- Action item
Transcribe exactly the line that contains "#41289=CARTESIAN_POINT('',(93.75,8.05,196.0));" and each line that comes after it in the material, the last line included, and nothing more.

- Dataset entries
•••••

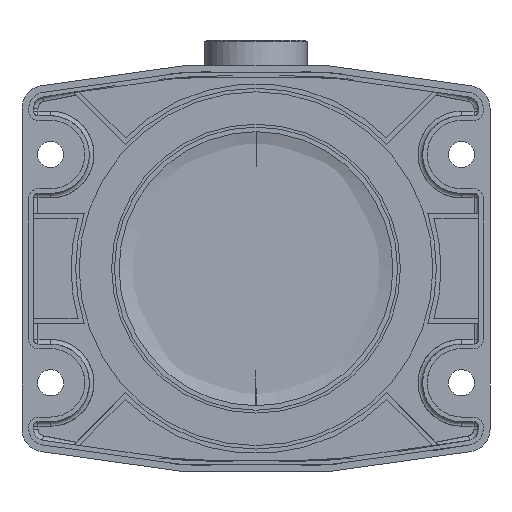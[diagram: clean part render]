
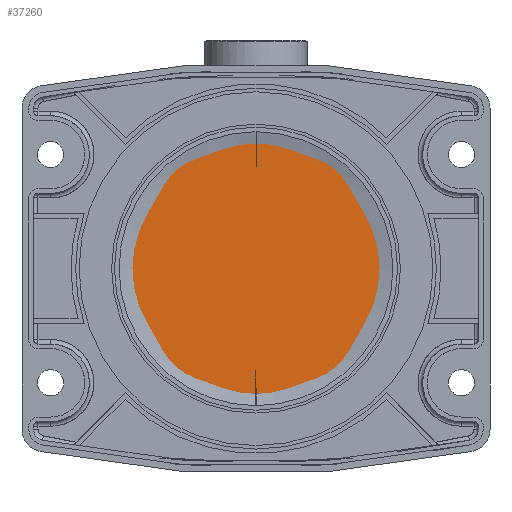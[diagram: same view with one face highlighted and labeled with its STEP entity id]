
A CAD part, front view. The second image highlights one B-rep face of the part: STEP entity #37260.
In plain terms, the highlighted face is planar.
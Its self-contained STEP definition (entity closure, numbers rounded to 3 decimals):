
#4444 = VERTEX_POINT ( 'NONE', #38095 ) ;
#8343 = CIRCLE ( 'NONE', #31399, 65.5 ) ;
#9358 = EDGE_CURVE ( 'NONE', #18944, #4444, #26692, .T. ) ;
#9416 = DIRECTION ( 'NONE',  ( -1., 0., 0. ) ) ;
#10261 = CARTESIAN_POINT ( 'NONE',  ( 65.5, 0., 12. ) ) ;
#12108 = CARTESIAN_POINT ( 'NONE',  ( 0., 0., 12. ) ) ;
#12306 = DIRECTION ( 'NONE',  ( 0., 0., -1. ) ) ;
#15242 = ORIENTED_EDGE ( 'NONE', *, *, #9358, .T. ) ;
#17470 = EDGE_LOOP ( 'NONE', ( #24039, #15242 ) ) ;
#18801 = EDGE_CURVE ( 'NONE', #4444, #18944, #8343, .T. ) ;
#18944 = VERTEX_POINT ( 'NONE', #10261 ) ;
#20442 = DIRECTION ( 'NONE',  ( -1., 0., 0. ) ) ;
#20854 = PLANE ( 'NONE',  #37033 ) ;
#24039 = ORIENTED_EDGE ( 'NONE', *, *, #18801, .T. ) ;
#26692 = CIRCLE ( 'NONE', #30667, 65.5 ) ;
#27051 = DIRECTION ( 'NONE',  ( 0., 0., -1. ) ) ;
#29898 = DIRECTION ( 'NONE',  ( 0., 0., -1. ) ) ;
#30667 = AXIS2_PLACEMENT_3D ( 'NONE', #12108, #12306, #9416 ) ;
#31399 = AXIS2_PLACEMENT_3D ( 'NONE', #34033, #29898, #33411 ) ;
#33411 = DIRECTION ( 'NONE',  ( -1., 0., 0. ) ) ;
#34033 = CARTESIAN_POINT ( 'NONE',  ( 0., 0., 12. ) ) ;
#35917 = FACE_OUTER_BOUND ( 'NONE', #17470, .T. ) ;
#36131 = CARTESIAN_POINT ( 'NONE',  ( -133., 133., 12. ) ) ;
#37033 = AXIS2_PLACEMENT_3D ( 'NONE', #36131, #27051, #20442 ) ;
#37260 = ADVANCED_FACE ( 'NONE', ( #35917 ), #20854, .T. ) ;
#38095 = CARTESIAN_POINT ( 'NONE',  ( -65.5, 0., 12. ) ) ;
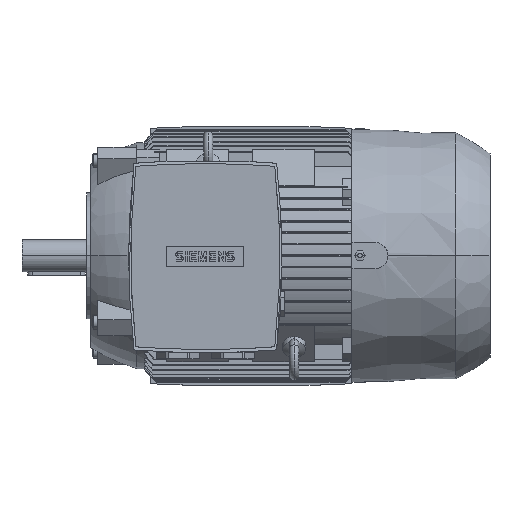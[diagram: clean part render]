
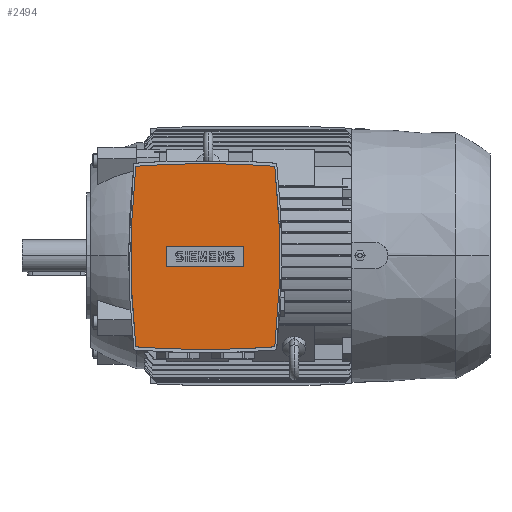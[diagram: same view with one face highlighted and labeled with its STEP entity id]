
A CAD part, top view. The second image highlights one B-rep face of the part: STEP entity #2494.
In plain terms, the highlighted planar face has unit normal (0, 0, 1).
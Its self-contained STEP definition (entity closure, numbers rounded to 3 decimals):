
#2494=ADVANCED_FACE('',(#5276,#5277),#5278,.T.);
#5276=FACE_BOUND('',#8363,.T.);
#5277=FACE_OUTER_BOUND('',#8364,.T.);
#5278=PLANE('',#8365);
#8363=EDGE_LOOP('',(#16026,#16027,#16028,#16029));
#8364=EDGE_LOOP('',(#16030,#16031,#16032,#16033,#16034,#16035));
#8365=AXIS2_PLACEMENT_3D('',#16036,#16037,#16038);
#16026=ORIENTED_EDGE('',*,*,#21593,.T.);
#16027=ORIENTED_EDGE('',*,*,#21597,.T.);
#16028=ORIENTED_EDGE('',*,*,#21600,.T.);
#16029=ORIENTED_EDGE('',*,*,#21602,.T.);
#16030=ORIENTED_EDGE('',*,*,#21678,.T.);
#16031=ORIENTED_EDGE('',*,*,#21680,.T.);
#16032=ORIENTED_EDGE('',*,*,#19019,.T.);
#16033=ORIENTED_EDGE('',*,*,#21672,.T.);
#16034=ORIENTED_EDGE('',*,*,#19030,.T.);
#16035=ORIENTED_EDGE('',*,*,#21669,.T.);
#16036=CARTESIAN_POINT('',(60.0,-1.0,196.0));
#16037=DIRECTION('',(0.0,0.0,1.0));
#16038=DIRECTION('',(0.0,-1.0,0.0));
#19019=EDGE_CURVE('',#22972,#22976,#22978,.T.);
#19030=EDGE_CURVE('',#22998,#22995,#22999,.T.);
#21593=EDGE_CURVE('',#26826,#26824,#26827,.T.);
#21597=EDGE_CURVE('',#26824,#26830,#26832,.T.);
#21600=EDGE_CURVE('',#26830,#26834,#26836,.T.);
#21602=EDGE_CURVE('',#26834,#26826,#26838,.T.);
#21669=EDGE_CURVE('',#22995,#26933,#26935,.T.);
#21672=EDGE_CURVE('',#22976,#22998,#26938,.T.);
#21678=EDGE_CURVE('',#26933,#26943,#26945,.T.);
#21680=EDGE_CURVE('',#26943,#22972,#26947,.T.);
#22972=VERTEX_POINT('',#29569);
#22976=VERTEX_POINT('',#29574);
#22978=CIRCLE('',#29577,828.12);
#22995=VERTEX_POINT('',#29619);
#22998=VERTEX_POINT('',#29623);
#22999=CIRCLE('',#29624,828.12);
#26824=VERTEX_POINT('',#41274);
#26826=VERTEX_POINT('',#41277);
#26827=LINE('',#41278,#41279);
#26830=VERTEX_POINT('',#41283);
#26832=LINE('',#41286,#41287);
#26834=VERTEX_POINT('',#41289);
#26836=LINE('',#41292,#41293);
#26838=LINE('',#41295,#41296);
#26933=VERTEX_POINT('',#41434);
#26935=CIRCLE('',#41437,828.12);
#26938=CIRCLE('',#41440,717.2);
#26943=VERTEX_POINT('',#41446);
#26945=CIRCLE('',#41449,717.2);
#26947=CIRCLE('',#41451,828.12);
#29569=CARTESIAN_POINT('',(60.,-82.0,196.0));
#29574=CARTESIAN_POINT('',(120.661,-79.775,196.0));
#29577=AXIS2_PLACEMENT_3D('',#43977,#43978,#43979);
#29619=CARTESIAN_POINT('',(60.,80.0,196.0));
#29623=CARTESIAN_POINT('',(120.661,77.775,196.0));
#29624=AXIS2_PLACEMENT_3D('',#43993,#43994,#43995);
#41274=CARTESIAN_POINT('',(26.25,-10.05,196.0));
#41277=CARTESIAN_POINT('',(93.75,-10.05,196.0));
#41278=CARTESIAN_POINT('',(60.0,-10.05,196.0));
#41279=VECTOR('',#46199,1.0);
#41283=CARTESIAN_POINT('',(26.25,8.05,196.0));
#41286=CARTESIAN_POINT('',(26.25,-1.0,196.0));
#41287=VECTOR('',#46202,1.0);
#41289=CARTESIAN_POINT('',(93.75,8.05,196.0));
#41292=CARTESIAN_POINT('',(60.0,8.05,196.0));
#41293=VECTOR('',#46204,1.0);
#41295=CARTESIAN_POINT('',(93.75,-1.0,196.0));
#41296=VECTOR('',#46205,1.0);
#41434=CARTESIAN_POINT('',(-0.661,77.775,196.0));
#41437=AXIS2_PLACEMENT_3D('',#46304,#46305,#46306);
#41440=AXIS2_PLACEMENT_3D('',#46307,#46308,#46309);
#41446=CARTESIAN_POINT('',(-0.661,-79.775,196.0));
#41449=AXIS2_PLACEMENT_3D('',#46312,#46313,#46314);
#41451=AXIS2_PLACEMENT_3D('',#46315,#46316,#46317);
#43977=CARTESIAN_POINT('',(60.0,746.12,196.0));
#43978=DIRECTION('',(0.0,-0.0,1.0));
#43979=DIRECTION('',(0.0,1.0,0.0));
#43993=CARTESIAN_POINT('',(60.0,-748.12,196.0));
#43994=DIRECTION('',(0.0,-0.0,1.0));
#43995=DIRECTION('',(0.0,1.0,0.0));
#46199=DIRECTION('',(-1.0,0.0,0.0));
#46202=DIRECTION('',(0.0,1.0,0.0));
#46204=DIRECTION('',(1.0,0.0,-0.0));
#46205=DIRECTION('',(0.0,-1.0,0.0));
#46304=CARTESIAN_POINT('',(60.0,-748.12,196.0));
#46305=DIRECTION('',(0.0,-0.0,1.0));
#46306=DIRECTION('',(0.0,1.0,0.0));
#46307=CARTESIAN_POINT('',(-592.2,-1.0,196.0));
#46308=DIRECTION('',(0.0,-0.0,1.0));
#46309=DIRECTION('',(0.0,1.0,0.0));
#46312=CARTESIAN_POINT('',(712.2,-1.0,196.0));
#46313=DIRECTION('',(0.0,-0.0,1.0));
#46314=DIRECTION('',(0.0,1.0,0.0));
#46315=CARTESIAN_POINT('',(60.0,746.12,196.0));
#46316=DIRECTION('',(0.0,-0.0,1.0));
#46317=DIRECTION('',(0.0,1.0,0.0));

•••••

- Exercise answer
#41289=CARTESIAN_POINT('',(93.75,8.05,196.0));
#41292=CARTESIAN_POINT('',(60.0,8.05,196.0));
#41293=VECTOR('',#46204,1.0);
#41295=CARTESIAN_POINT('',(93.75,-1.0,196.0));
#41296=VECTOR('',#46205,1.0);
#41434=CARTESIAN_POINT('',(-0.661,77.775,196.0));
#41437=AXIS2_PLACEMENT_3D('',#46304,#46305,#46306);
#41440=AXIS2_PLACEMENT_3D('',#46307,#46308,#46309);
#41446=CARTESIAN_POINT('',(-0.661,-79.775,196.0));
#41449=AXIS2_PLACEMENT_3D('',#46312,#46313,#46314);
#41451=AXIS2_PLACEMENT_3D('',#46315,#46316,#46317);
#43977=CARTESIAN_POINT('',(60.0,746.12,196.0));
#43978=DIRECTION('',(0.0,-0.0,1.0));
#43979=DIRECTION('',(0.0,1.0,0.0));
#43993=CARTESIAN_POINT('',(60.0,-748.12,196.0));
#43994=DIRECTION('',(0.0,-0.0,1.0));
#43995=DIRECTION('',(0.0,1.0,0.0));
#46199=DIRECTION('',(-1.0,0.0,0.0));
#46202=DIRECTION('',(0.0,1.0,0.0));
#46204=DIRECTION('',(1.0,0.0,-0.0));
#46205=DIRECTION('',(0.0,-1.0,0.0));
#46304=CARTESIAN_POINT('',(60.0,-748.12,196.0));
#46305=DIRECTION('',(0.0,-0.0,1.0));
#46306=DIRECTION('',(0.0,1.0,0.0));
#46307=CARTESIAN_POINT('',(-592.2,-1.0,196.0));
#46308=DIRECTION('',(0.0,-0.0,1.0));
#46309=DIRECTION('',(0.0,1.0,0.0));
#46312=CARTESIAN_POINT('',(712.2,-1.0,196.0));
#46313=DIRECTION('',(0.0,-0.0,1.0));
#46314=DIRECTION('',(0.0,1.0,0.0));
#46315=CARTESIAN_POINT('',(60.0,746.12,196.0));
#46316=DIRECTION('',(0.0,-0.0,1.0));
#46317=DIRECTION('',(0.0,1.0,0.0));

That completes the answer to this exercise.